[Data for the task]

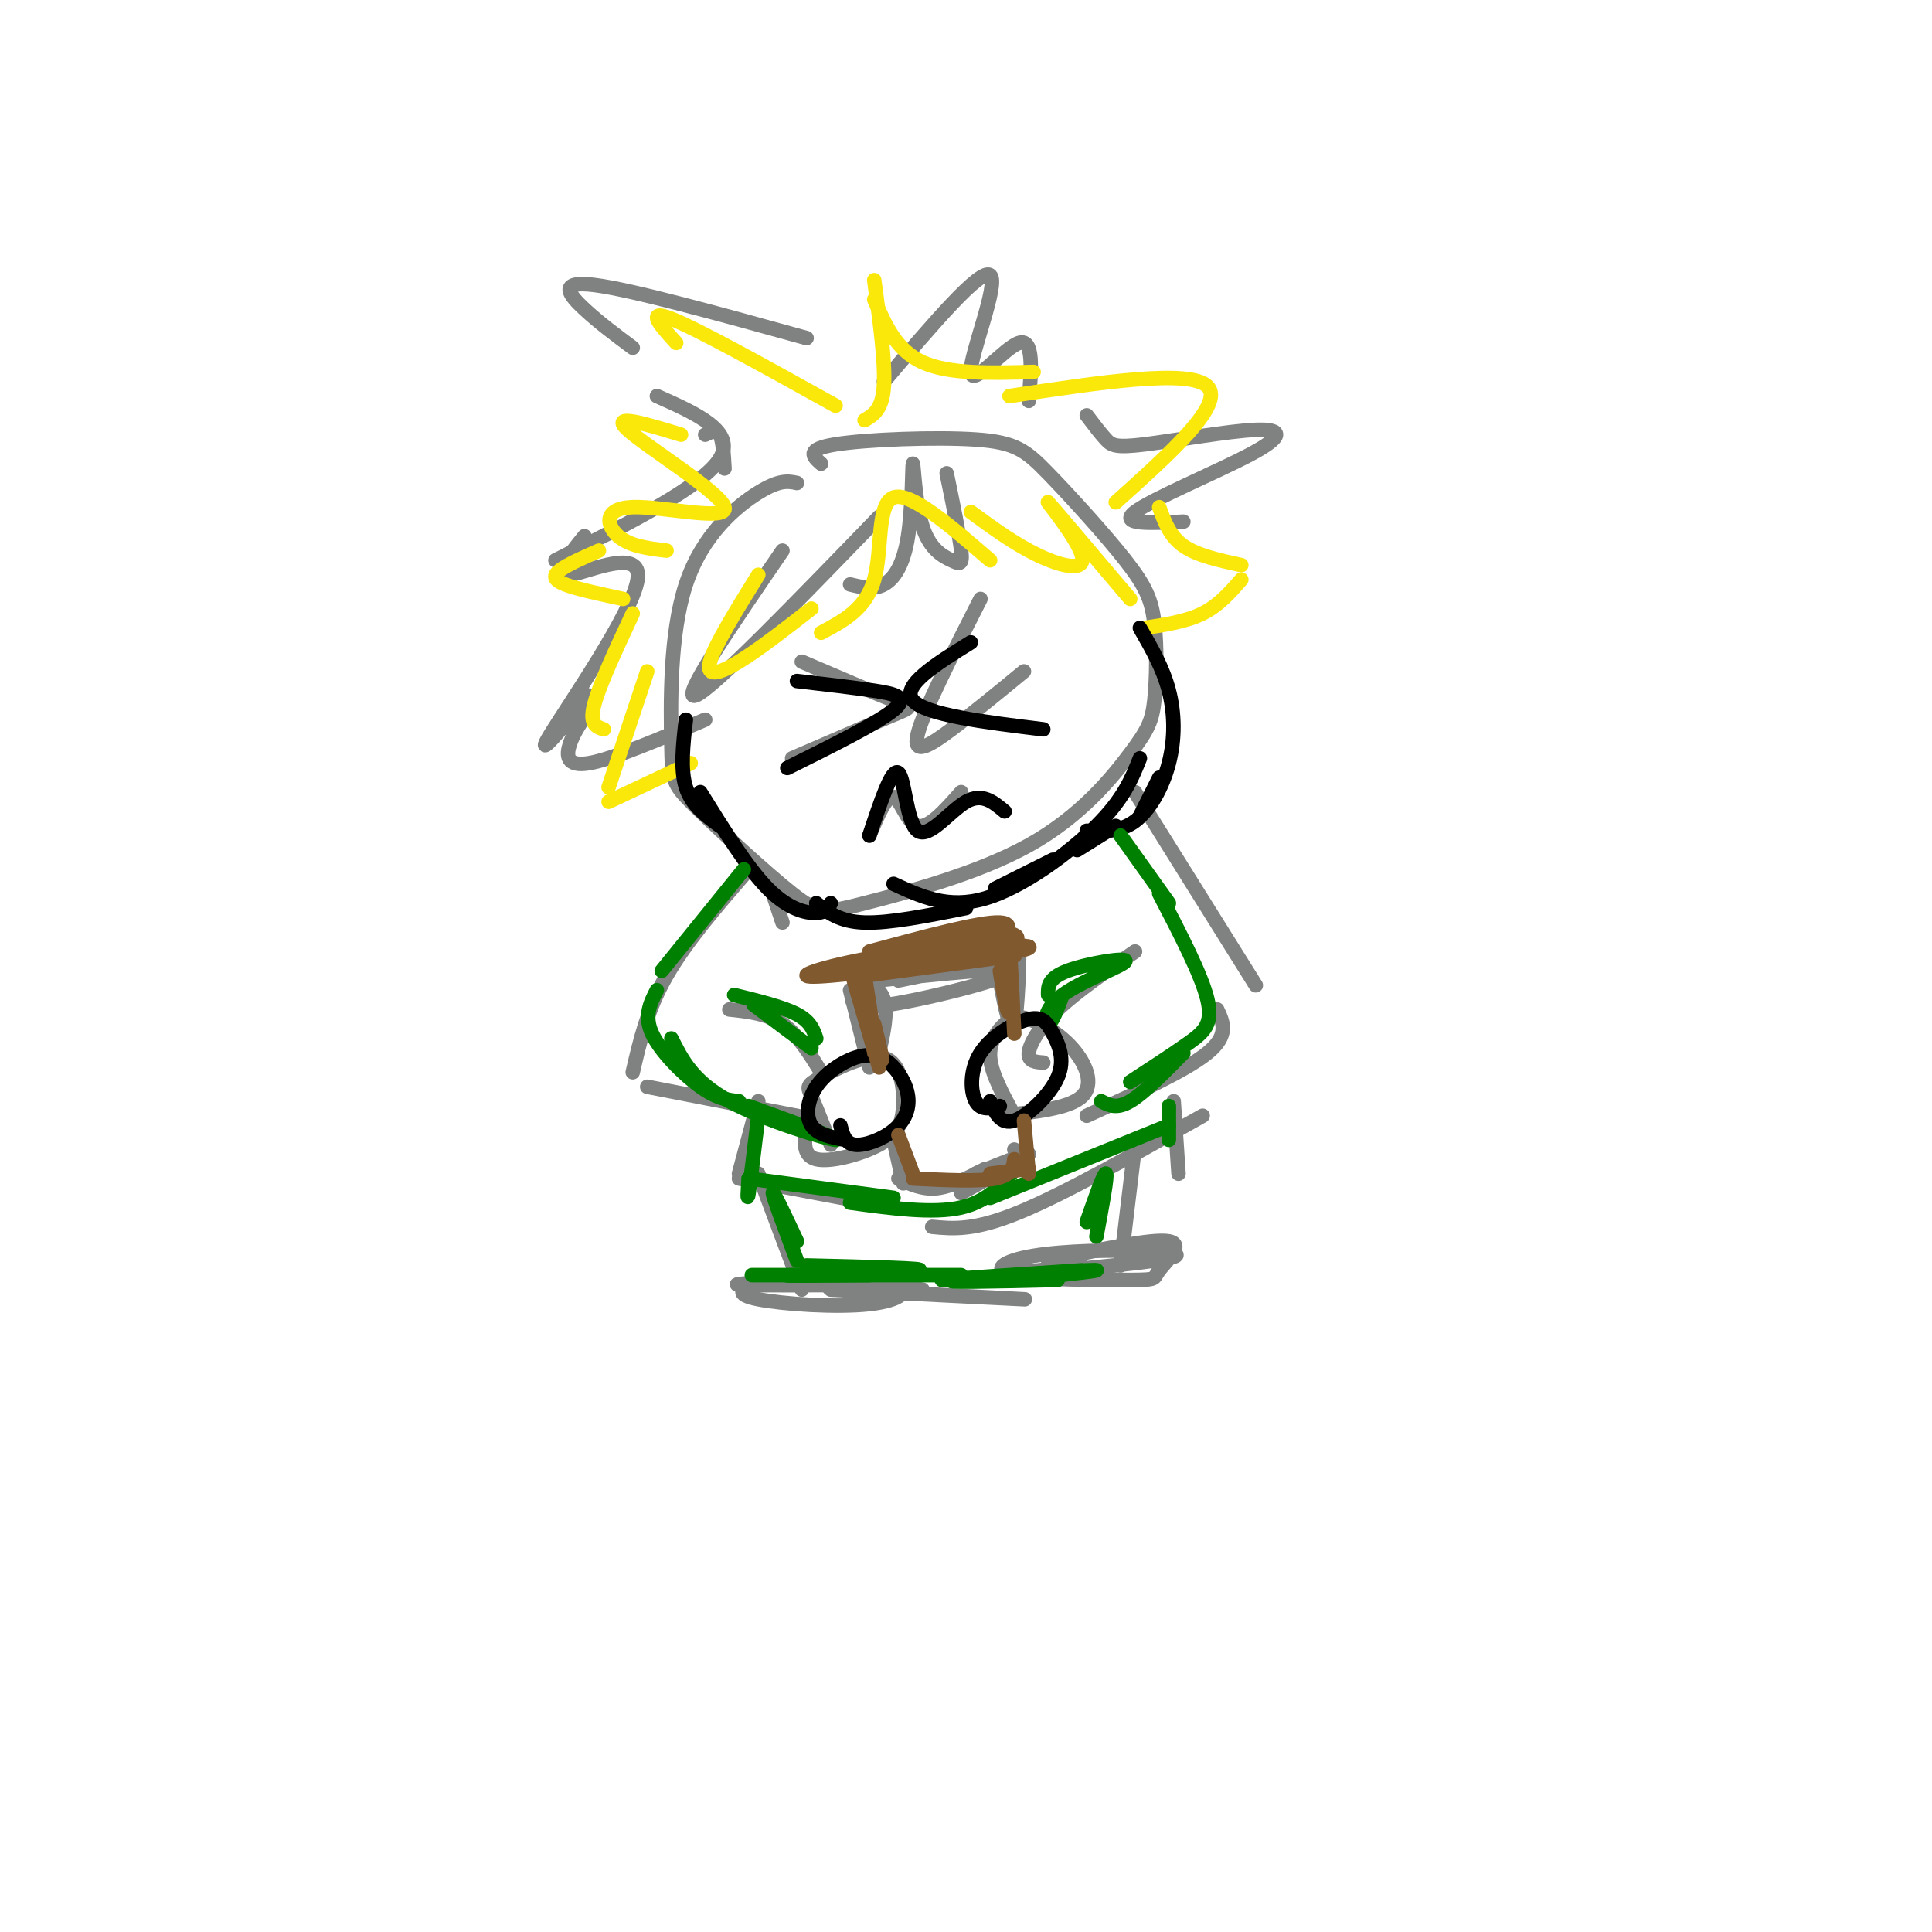 <svg viewBox='0 0 400 400' version='1.1' xmlns='http://www.w3.org/2000/svg' xmlns:xlink='http://www.w3.org/1999/xlink'><g fill='none' stroke='rgb(128,130,130)' stroke-width='3' stroke-linecap='round' stroke-linejoin='round'><path d='M165,100c-1.775,-0.374 -3.550,-0.748 -8,2c-4.450,2.748 -11.576,8.617 -15,19c-3.424,10.383 -3.146,25.280 -3,33c0.146,7.720 0.160,8.264 5,13c4.840,4.736 14.505,13.663 20,18c5.495,4.337 6.820,4.085 15,2c8.180,-2.085 23.217,-6.002 34,-12c10.783,-5.998 17.313,-14.077 21,-19c3.687,-4.923 4.530,-6.690 5,-11c0.470,-4.310 0.568,-11.165 0,-16c-0.568,-4.835 -1.801,-7.652 -6,-13c-4.199,-5.348 -11.363,-13.227 -16,-18c-4.637,-4.773 -6.749,-6.439 -15,-7c-8.251,-0.561 -22.643,-0.017 -29,1c-6.357,1.017 -4.678,2.509 -3,4'/><path d='M167,70c-18.133,-5.022 -36.267,-10.044 -44,-11c-7.733,-0.956 -5.067,2.156 -2,5c3.067,2.844 6.533,5.422 10,8'/><path d='M150,97c-0.167,-2.917 -0.333,-5.833 -1,-7c-0.667,-1.167 -1.833,-0.583 -3,0'/><path d='M136,82c8.250,3.667 16.500,7.333 13,13c-3.500,5.667 -18.750,13.333 -34,21'/><path d='M121,111c-3.435,4.268 -6.869,8.536 -3,8c3.869,-0.536 15.042,-5.875 14,1c-1.042,6.875 -14.298,25.964 -18,32c-3.702,6.036 2.149,-0.982 8,-8'/><path d='M122,147c-1.600,2.311 -3.200,4.622 -4,7c-0.800,2.378 -0.800,4.822 4,4c4.800,-0.822 14.400,-4.911 24,-9'/><path d='M183,79c10.036,-11.810 20.071,-23.619 22,-22c1.929,1.619 -4.250,16.667 -4,20c0.250,3.333 6.929,-5.048 10,-6c3.071,-0.952 2.536,5.524 2,12'/><path d='M225,86c1.435,1.893 2.870,3.786 4,5c1.130,1.214 1.955,1.748 8,1c6.045,-0.748 17.311,-2.778 23,-3c5.689,-0.222 5.801,1.363 -1,5c-6.801,3.637 -20.515,9.325 -24,12c-3.485,2.675 3.257,2.338 10,2'/><path d='M162,114c-10.667,15.583 -21.333,31.167 -18,30c3.333,-1.167 20.667,-19.083 38,-37'/><path d='M176,121c2.418,0.586 4.836,1.172 7,0c2.164,-1.172 4.074,-4.103 5,-10c0.926,-5.897 0.867,-14.760 1,-15c0.133,-0.240 0.458,8.142 2,13c1.542,4.858 4.300,6.193 6,7c1.700,0.807 2.343,1.088 2,-2c-0.343,-3.088 -1.671,-9.544 -3,-16'/><path d='M203,124c-5.933,11.667 -11.867,23.333 -13,28c-1.133,4.667 2.533,2.333 7,-1c4.467,-3.333 9.733,-7.667 15,-12'/><path d='M166,137c7.556,3.244 15.111,6.489 19,8c3.889,1.511 4.111,1.289 0,3c-4.111,1.711 -12.556,5.356 -21,9'/><path d='M180,173c1.756,-4.200 3.511,-8.400 5,-8c1.489,0.400 2.711,5.400 5,6c2.289,0.600 5.644,-3.200 9,-7'/><path d='M162,191c0.000,0.000 -2.000,-6.000 -2,-6'/><path d='M155,180c-6.500,7.500 -13.000,15.000 -17,22c-4.000,7.000 -5.500,13.500 -7,20'/><path d='M151,209c3.917,0.417 7.833,0.833 11,3c3.167,2.167 5.583,6.083 8,10'/><path d='M134,225c0.000,0.000 36.000,7.000 36,7'/><path d='M172,237c-1.559,-3.961 -3.118,-7.923 -4,-10c-0.882,-2.077 -1.088,-2.271 2,-4c3.088,-1.729 9.471,-4.994 13,-4c3.529,0.994 4.204,6.246 4,10c-0.204,3.754 -1.286,6.011 -5,8c-3.714,1.989 -10.061,3.711 -13,3c-2.939,-0.711 -2.469,-3.856 -2,-7'/><path d='M235,164c0.000,0.000 25.000,40.000 25,40'/><path d='M235,197c-6.022,4.111 -12.044,8.222 -16,12c-3.956,3.778 -5.844,7.222 -6,9c-0.156,1.778 1.422,1.889 3,2'/><path d='M252,209c1.250,2.667 2.500,5.333 -2,9c-4.500,3.667 -14.750,8.333 -25,13'/><path d='M210,231c-2.363,-4.338 -4.726,-8.677 -5,-12c-0.274,-3.323 1.540,-5.631 3,-7c1.460,-1.369 2.567,-1.800 5,-1c2.433,0.800 6.194,2.831 9,6c2.806,3.169 4.659,7.477 2,10c-2.659,2.523 -9.829,3.262 -17,4'/><path d='M180,221c0.000,0.000 -4.000,-16.000 -4,-16'/><path d='M210,212c0.467,-8.200 0.933,-16.400 1,-15c0.067,1.400 -0.267,12.400 -1,15c-0.733,2.600 -1.867,-3.200 -3,-9'/><path d='M182,218c0.917,-4.167 1.833,-8.333 1,-11c-0.833,-2.667 -3.417,-3.833 -6,-5'/><path d='M177,205c-0.885,2.150 -1.770,4.300 7,3c8.770,-1.300 27.196,-6.049 25,-7c-2.196,-0.951 -25.014,1.898 -28,2c-2.986,0.102 13.861,-2.542 18,-3c4.139,-0.458 -4.431,1.271 -13,3'/><path d='M185,236c0.000,0.000 2.000,9.000 2,9'/><path d='M186,244c2.500,1.167 5.000,2.333 8,2c3.000,-0.333 6.500,-2.167 10,-4'/><path d='M199,247c6.750,-3.667 13.500,-7.333 14,-8c0.500,-0.667 -5.250,1.667 -11,4'/><path d='M210,238c0.000,0.000 0.000,0.000 0,0'/><path d='M157,228c0.000,0.000 -4.000,15.000 -4,15'/><path d='M243,228c0.000,0.000 1.000,15.000 1,15'/><path d='M153,244c0.000,0.000 32.000,6.000 32,6'/><path d='M193,254c4.333,0.417 8.667,0.833 18,-3c9.333,-3.833 23.667,-11.917 38,-20'/><path d='M157,243c0.000,0.000 9.000,24.000 9,24'/><path d='M232,262c0.000,0.000 3.000,-25.000 3,-25'/><path d='M169,265c-9.250,0.417 -18.500,0.833 -16,1c2.500,0.167 16.750,0.083 31,0'/><path d='M184,266c5.232,0.924 2.814,3.234 -4,4c-6.814,0.766 -18.022,-0.011 -23,-1c-4.978,-0.989 -3.725,-2.189 0,-3c3.725,-0.811 9.921,-1.232 16,-1c6.079,0.232 12.039,1.116 18,2'/><path d='M217,261c10.803,-2.309 21.606,-4.618 25,-4c3.394,0.618 -0.620,4.165 -2,6c-1.380,1.835 -0.127,1.960 -6,2c-5.873,0.040 -18.874,-0.005 -24,-1c-5.126,-0.995 -2.379,-2.941 4,-4c6.379,-1.059 16.390,-1.232 23,-1c6.610,0.232 9.818,0.870 2,2c-7.818,1.130 -26.662,2.751 -31,3c-4.338,0.249 5.831,-0.876 16,-2'/><path d='M172,267c21.222,1.067 42.444,2.133 40,2c-2.444,-0.133 -28.556,-1.467 -37,-2c-8.444,-0.533 0.778,-0.267 10,0'/></g>
<g fill='none' stroke='rgb(250,232,11)' stroke-width='3' stroke-linecap='round' stroke-linejoin='round'><path d='M143,158c0.000,0.000 -17.000,8.000 -17,8'/><path d='M126,163c0.000,0.000 8.000,-24.000 8,-24'/><path d='M125,151c-1.500,-0.500 -3.000,-1.000 -2,-5c1.000,-4.000 4.500,-11.500 8,-19'/><path d='M129,124c-4.778,-1.022 -9.556,-2.044 -12,-3c-2.444,-0.956 -2.556,-1.844 -1,-3c1.556,-1.156 4.778,-2.578 8,-4'/><path d='M138,114c-3.813,-0.459 -7.627,-0.919 -10,-3c-2.373,-2.081 -3.306,-5.785 3,-6c6.306,-0.215 19.852,3.057 19,0c-0.852,-3.057 -16.100,-12.445 -20,-16c-3.900,-3.555 3.550,-1.278 11,1'/><path d='M140,71c-3.250,-3.583 -6.500,-7.167 -1,-5c5.500,2.167 19.750,10.083 34,18'/><path d='M179,87c1.833,-1.083 3.667,-2.167 4,-7c0.333,-4.833 -0.833,-13.417 -2,-22'/><path d='M181,62c2.250,5.250 4.500,10.500 10,13c5.500,2.500 14.250,2.250 23,2'/><path d='M209,82c18.667,-2.833 37.333,-5.667 41,-2c3.667,3.667 -7.667,13.833 -19,24'/><path d='M240,105c1.083,3.000 2.167,6.000 5,8c2.833,2.000 7.417,3.000 12,4'/><path d='M257,120c-2.333,2.667 -4.667,5.333 -8,7c-3.333,1.667 -7.667,2.333 -12,3'/><path d='M157,119c-4.556,7.356 -9.111,14.711 -10,18c-0.889,3.289 1.889,2.511 6,0c4.111,-2.511 9.556,-6.756 15,-11'/><path d='M170,131c4.644,-2.467 9.289,-4.933 11,-11c1.711,-6.067 0.489,-15.733 4,-17c3.511,-1.267 11.756,5.867 20,13'/><path d='M201,106c4.589,3.357 9.179,6.714 14,9c4.821,2.286 9.875,3.500 9,0c-0.875,-3.500 -7.679,-11.714 -7,-11c0.679,0.714 8.839,10.357 17,20'/></g>
<g fill='none' stroke='rgb(0,0,0)' stroke-width='3' stroke-linecap='round' stroke-linejoin='round'><path d='M142,149c-0.583,5.167 -1.167,10.333 0,14c1.167,3.667 4.083,5.833 7,8'/><path d='M145,164c4.867,7.844 9.733,15.689 14,20c4.267,4.311 7.933,5.089 10,5c2.067,-0.089 2.533,-1.044 3,-2'/><path d='M169,187c2.417,1.917 4.833,3.833 10,4c5.167,0.167 13.083,-1.417 21,-3'/><path d='M206,184c0.000,0.000 12.000,-6.000 12,-6'/><path d='M223,176c0.000,0.000 8.000,-5.000 8,-5'/><path d='M236,169c0.000,0.000 4.000,-8.000 4,-8'/><path d='M236,130c2.387,4.143 4.774,8.286 6,13c1.226,4.714 1.292,10.000 0,15c-1.292,5.000 -3.940,9.714 -7,12c-3.060,2.286 -6.530,2.143 -10,2'/><path d='M236,157c-1.667,4.178 -3.333,8.356 -9,14c-5.667,5.644 -15.333,12.756 -23,15c-7.667,2.244 -13.333,-0.378 -19,-3'/><path d='M165,141c5.822,0.667 11.644,1.333 16,2c4.356,0.667 7.244,1.333 4,4c-3.244,2.667 -12.622,7.333 -22,12'/><path d='M201,133c-7.250,4.500 -14.500,9.000 -12,12c2.500,3.000 14.750,4.500 27,6'/><path d='M180,173c2.333,-7.042 4.667,-14.083 6,-13c1.333,1.083 1.667,10.292 4,12c2.333,1.708 6.667,-4.083 10,-6c3.333,-1.917 5.667,0.042 8,2'/></g>
<g fill='none' stroke='rgb(0,128,0)' stroke-width='3' stroke-linecap='round' stroke-linejoin='round'><path d='M154,180c0.000,0.000 -17.000,21.000 -17,21'/><path d='M136,205c-1.356,2.644 -2.711,5.289 -1,9c1.711,3.711 6.489,8.489 10,11c3.511,2.511 5.756,2.756 8,3'/><path d='M155,229c9.778,3.556 19.556,7.111 18,7c-1.556,-0.111 -14.444,-3.889 -22,-8c-7.556,-4.111 -9.778,-8.556 -12,-13'/><path d='M152,206c5.083,1.250 10.167,2.500 13,4c2.833,1.500 3.417,3.250 4,5'/><path d='M156,208c0.000,0.000 12.000,9.000 12,9'/><path d='M232,173c0.000,0.000 10.000,14.000 10,14'/><path d='M240,185c4.400,8.467 8.800,16.933 10,22c1.200,5.067 -0.800,6.733 -4,9c-3.200,2.267 -7.600,5.133 -12,8'/><path d='M228,228c1.583,0.833 3.167,1.667 6,0c2.833,-1.667 6.917,-5.833 11,-10'/><path d='M217,206c-0.033,-1.732 -0.067,-3.464 4,-5c4.067,-1.536 12.234,-2.876 12,-2c-0.234,0.876 -8.871,3.967 -13,7c-4.129,3.033 -3.751,6.010 -3,6c0.751,-0.010 1.876,-3.005 3,-6'/><path d='M157,231c-0.833,6.917 -1.667,13.833 -2,16c-0.333,2.167 -0.167,-0.417 0,-3'/><path d='M155,244c0.000,0.000 30.000,4.000 30,4'/><path d='M176,249c8.583,1.167 17.167,2.333 23,1c5.833,-1.333 8.917,-5.167 12,-9'/><path d='M205,248c0.000,0.000 37.000,-15.000 37,-15'/><path d='M242,229c0.000,0.000 0.000,7.000 0,7'/><path d='M165,261c-2.500,-6.667 -5.000,-13.333 -5,-14c0.000,-0.667 2.500,4.667 5,10'/><path d='M227,256c1.167,-6.250 2.333,-12.500 2,-13c-0.333,-0.500 -2.167,4.750 -4,10'/><path d='M167,262c12.956,0.311 25.911,0.622 23,1c-2.911,0.378 -21.689,0.822 -26,1c-4.311,0.178 5.844,0.089 16,0'/><path d='M180,264c9.274,0.000 24.458,0.000 17,0c-7.458,0.000 -37.560,0.000 -41,0c-3.440,0.000 19.780,0.000 43,0'/><path d='M210,265c10.856,-1.148 21.713,-2.297 15,-2c-6.713,0.297 -30.995,2.038 -30,2c0.995,-0.038 27.268,-1.856 29,-2c1.732,-0.144 -21.077,1.388 -26,2c-4.923,0.612 8.038,0.306 21,0'/></g>
<g fill='none' stroke='rgb(0,0,0)' stroke-width='3' stroke-linecap='round' stroke-linejoin='round'><path d='M175,236c-2.877,-0.540 -5.753,-1.081 -7,-3c-1.247,-1.919 -0.864,-5.217 1,-8c1.864,-2.783 5.208,-5.051 8,-6c2.792,-0.949 5.033,-0.580 7,1c1.967,1.580 3.661,4.372 4,7c0.339,2.628 -0.678,5.092 -3,7c-2.322,1.908 -5.949,3.259 -8,3c-2.051,-0.259 -2.525,-2.130 -3,-4'/><path d='M207,229c-1.957,0.487 -3.914,0.974 -5,-1c-1.086,-1.974 -1.301,-6.409 1,-10c2.301,-3.591 7.119,-6.338 10,-7c2.881,-0.662 3.824,0.761 5,3c1.176,2.239 2.586,5.295 1,9c-1.586,3.705 -6.167,8.059 -9,9c-2.833,0.941 -3.916,-1.529 -5,-4'/></g>
<g fill='none' stroke='rgb(129,89,47)' stroke-width='3' stroke-linecap='round' stroke-linejoin='round'><path d='M186,235c0.000,0.000 3.000,8.000 3,8'/><path d='M189,244c6.750,0.333 13.500,0.667 17,0c3.500,-0.667 3.750,-2.333 4,-4'/><path d='M205,243c0.000,0.000 8.000,-1.000 8,-1'/><path d='M213,243c0.000,0.000 -1.000,-11.000 -1,-11'/><path d='M182,221c-3.222,-11.000 -6.444,-22.000 -6,-21c0.444,1.000 4.556,14.000 6,18c1.444,4.000 0.222,-1.000 -1,-6'/><path d='M210,214c-0.467,-9.222 -0.933,-18.444 -1,-18c-0.067,0.444 0.267,10.556 0,13c-0.267,2.444 -1.133,-2.778 -2,-8'/><path d='M181,218c-1.111,-8.422 -2.222,-16.844 -2,-16c0.222,0.844 1.778,10.956 2,13c0.222,2.044 -0.889,-3.978 -2,-10'/><path d='M179,202c13.167,-1.750 26.333,-3.500 30,-4c3.667,-0.500 -2.167,0.250 -8,1'/><path d='M201,199c-9.058,0.566 -27.703,1.480 -25,1c2.703,-0.480 26.756,-2.356 27,-2c0.244,0.356 -23.319,2.942 -25,3c-1.681,0.058 18.520,-2.412 24,-3c5.480,-0.588 -3.760,0.706 -13,2'/><path d='M189,200c-7.974,1.070 -21.408,2.743 -22,2c-0.592,-0.743 11.659,-3.904 23,-5c11.341,-1.096 21.772,-0.129 17,1c-4.772,1.129 -24.746,2.419 -25,2c-0.254,-0.419 19.213,-2.548 23,-3c3.787,-0.452 -8.107,0.774 -20,2'/><path d='M180,197c11.512,-3.101 23.024,-6.202 27,-6c3.976,0.202 0.417,3.708 -3,5c-3.417,1.292 -6.690,0.369 -6,0c0.690,-0.369 5.345,-0.185 10,0'/><path d='M208,196c-2.980,0.192 -15.431,0.673 -18,0c-2.569,-0.673 4.745,-2.501 11,-3c6.255,-0.499 11.450,0.330 9,2c-2.450,1.670 -12.544,4.180 -16,4c-3.456,-0.180 -0.273,-3.052 4,-4c4.273,-0.948 9.637,0.026 15,1'/><path d='M213,196c1.000,0.500 -4.000,1.250 -9,2'/></g>
</svg>

[Exercise prompt]
From the line holding "<g fill='none' stroke='rgb(129,89,47)'" to the final line of the data, repeat every line exactly. Leave out all the rest.

[Answer for the task]
<g fill='none' stroke='rgb(129,89,47)' stroke-width='3' stroke-linecap='round' stroke-linejoin='round'><path d='M186,235c0.000,0.000 3.000,8.000 3,8'/><path d='M189,244c6.750,0.333 13.500,0.667 17,0c3.500,-0.667 3.750,-2.333 4,-4'/><path d='M205,243c0.000,0.000 8.000,-1.000 8,-1'/><path d='M213,243c0.000,0.000 -1.000,-11.000 -1,-11'/><path d='M182,221c-3.222,-11.000 -6.444,-22.000 -6,-21c0.444,1.000 4.556,14.000 6,18c1.444,4.000 0.222,-1.000 -1,-6'/><path d='M210,214c-0.467,-9.222 -0.933,-18.444 -1,-18c-0.067,0.444 0.267,10.556 0,13c-0.267,2.444 -1.133,-2.778 -2,-8'/><path d='M181,218c-1.111,-8.422 -2.222,-16.844 -2,-16c0.222,0.844 1.778,10.956 2,13c0.222,2.044 -0.889,-3.978 -2,-10'/><path d='M179,202c13.167,-1.750 26.333,-3.500 30,-4c3.667,-0.500 -2.167,0.250 -8,1'/><path d='M201,199c-9.058,0.566 -27.703,1.480 -25,1c2.703,-0.480 26.756,-2.356 27,-2c0.244,0.356 -23.319,2.942 -25,3c-1.681,0.058 18.520,-2.412 24,-3c5.480,-0.588 -3.760,0.706 -13,2'/><path d='M189,200c-7.974,1.070 -21.408,2.743 -22,2c-0.592,-0.743 11.659,-3.904 23,-5c11.341,-1.096 21.772,-0.129 17,1c-4.772,1.129 -24.746,2.419 -25,2c-0.254,-0.419 19.213,-2.548 23,-3c3.787,-0.452 -8.107,0.774 -20,2'/><path d='M180,197c11.512,-3.101 23.024,-6.202 27,-6c3.976,0.202 0.417,3.708 -3,5c-3.417,1.292 -6.690,0.369 -6,0c0.690,-0.369 5.345,-0.185 10,0'/><path d='M208,196c-2.980,0.192 -15.431,0.673 -18,0c-2.569,-0.673 4.745,-2.501 11,-3c6.255,-0.499 11.450,0.330 9,2c-2.450,1.670 -12.544,4.180 -16,4c-3.456,-0.180 -0.273,-3.052 4,-4c4.273,-0.948 9.637,0.026 15,1'/><path d='M213,196c1.000,0.500 -4.000,1.250 -9,2'/></g>
</svg>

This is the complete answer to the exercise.